Завклубом объяснила, как найти баню и столовую, которая тоже нынче открылась специально для врачей, прямо с утра, Кодзев поблагодарил еще раз и пошел обратно в зал. Все уже снова спали. Поднялся только корреспондент — сидел неодетый на своей раскладушке, сонно моргая, в губах у него была сигарета, чиркал колесиком зажигалки, пытаясь прикурить.

— Мы здесь прием вести будем, не курите, пожалуйста, — попросил Кодзев.

Корреспондент поспешно закивал: хорошо-хорошо, понял и вынул сигарету из губ.

Вчера, когда ходили с ним по городу — к кинотеатру смотреть афишу, потом обратно, — корреспондент понравился Кодзеву. Выспрашивал — это конечно. И откуда родом, и как в медицину пришел, и тому все подобное, но и о себе говорил, своими мыслями делился, как-то по-человечески все было, без натужности, так что даже и с охотой отвечал на его вопросы. Вот и сейчас: только попросил — сразу понял. А Урванцев, ведь сам врач, а сколько сил положил, чтобы заставить его не курить там, где прием. «Сколько работаю — всегда курил», — и с места не своротить.

— Подъем! — закричал Кодзев. И пошел вдоль мужского ряда раскладушек, заворачивая на всех одеяла до пояса. — Подъем. — Перешел на женский ряд за креслами и стал трясти за плечи: — Подъем! Девочки, баня для вас!

— Санечка! — потягиваясь, позвала его Лиля. Он уже прошел ее и тряс теперь Галю Коваль, студентку из аптекарского, которая была в бригаде провизором. — А почему ты с нас, Санечка, одеяла не сдираешь? Что ты такой несмелый?

Ох, язычок! Брить таким язычком…

— В следующий раз обязательно, — пообещал Кодзев.

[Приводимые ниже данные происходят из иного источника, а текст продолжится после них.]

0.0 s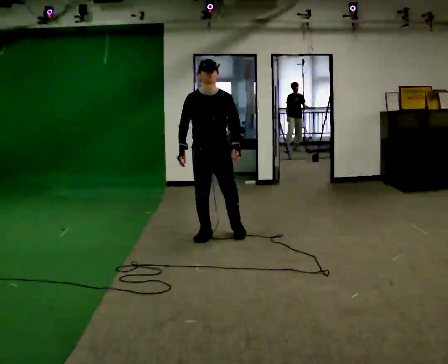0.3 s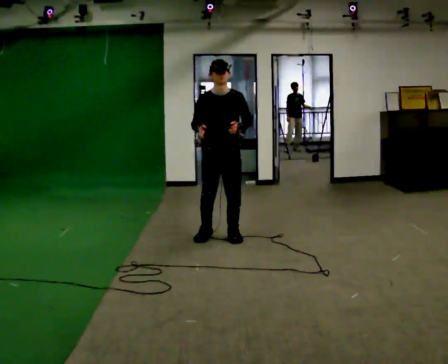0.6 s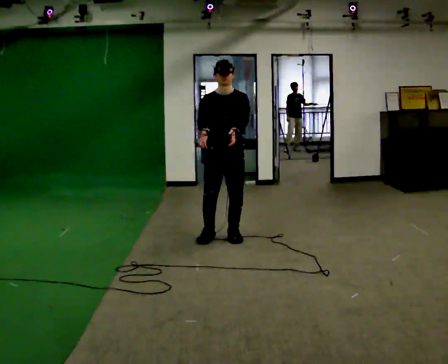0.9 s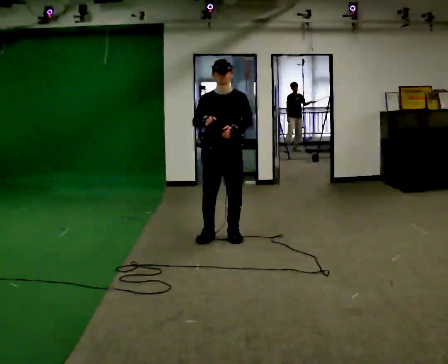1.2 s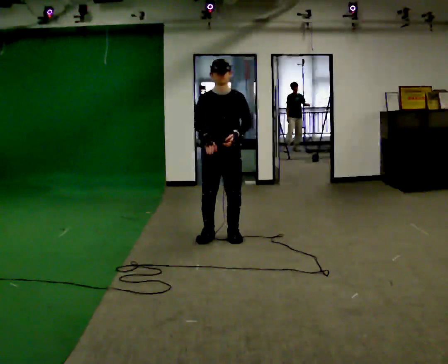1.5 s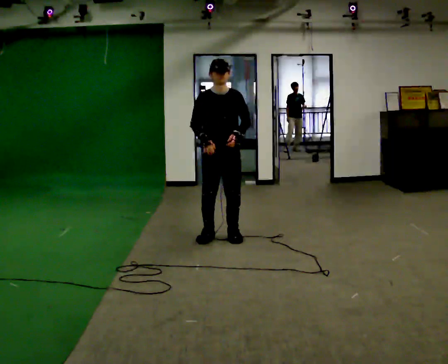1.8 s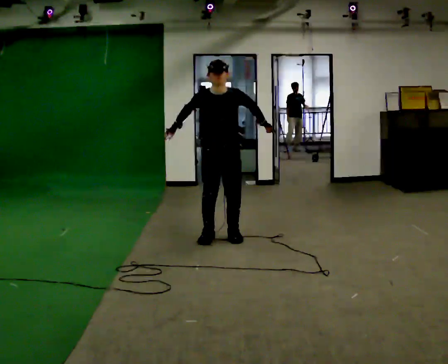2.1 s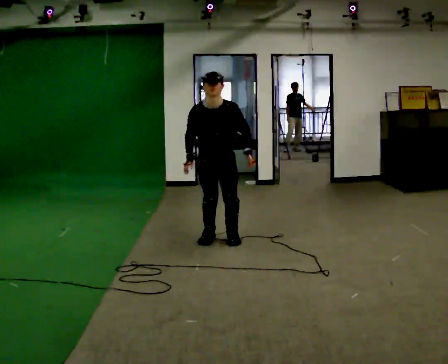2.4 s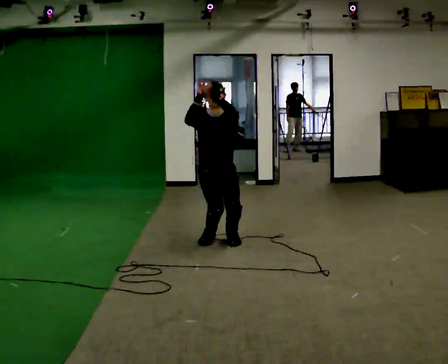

Первыми в баню, как обычно, отправили женщин. Им потом дольше сушиться, дольше приводить себя в порядок. Мужчины в ожидании своего часа взялись за бритье. Вчера никому побриться не удалось, и все были обросшие. У Воробьева только и не щетинилось, он, наверно, и раз в неделю мог бриться. Не пух, конечно, но и не настоящий еще волос, эх, воробушек, что он, не видит, к какой кошечке в лапы попался? Не видит, наверно.

Побрившись, Кодзев взялся за чемодан с лекарствами. Сел на раскладушку, развязал веревки, которыми чемодан был на всякий случай перевязан для крепости, и отщелкнул замки.

Освобожденная крышка тут же подпрыгнула вверх, как на пружине.

Кодзев откинул ее до конца — и не сдержался, простонал изнеможенно: «М-мм!..»

Еще бы ей, крышке, не подпрыгнуть: с такой горой было наложено в чемодан. Бедняга корреспондент. Как он таскал его.

— Вай-вай-вай, — сказал Дашниани, заглядывая в чемодан. — Он что, дурак последний, твой Пикулев, прислал столько?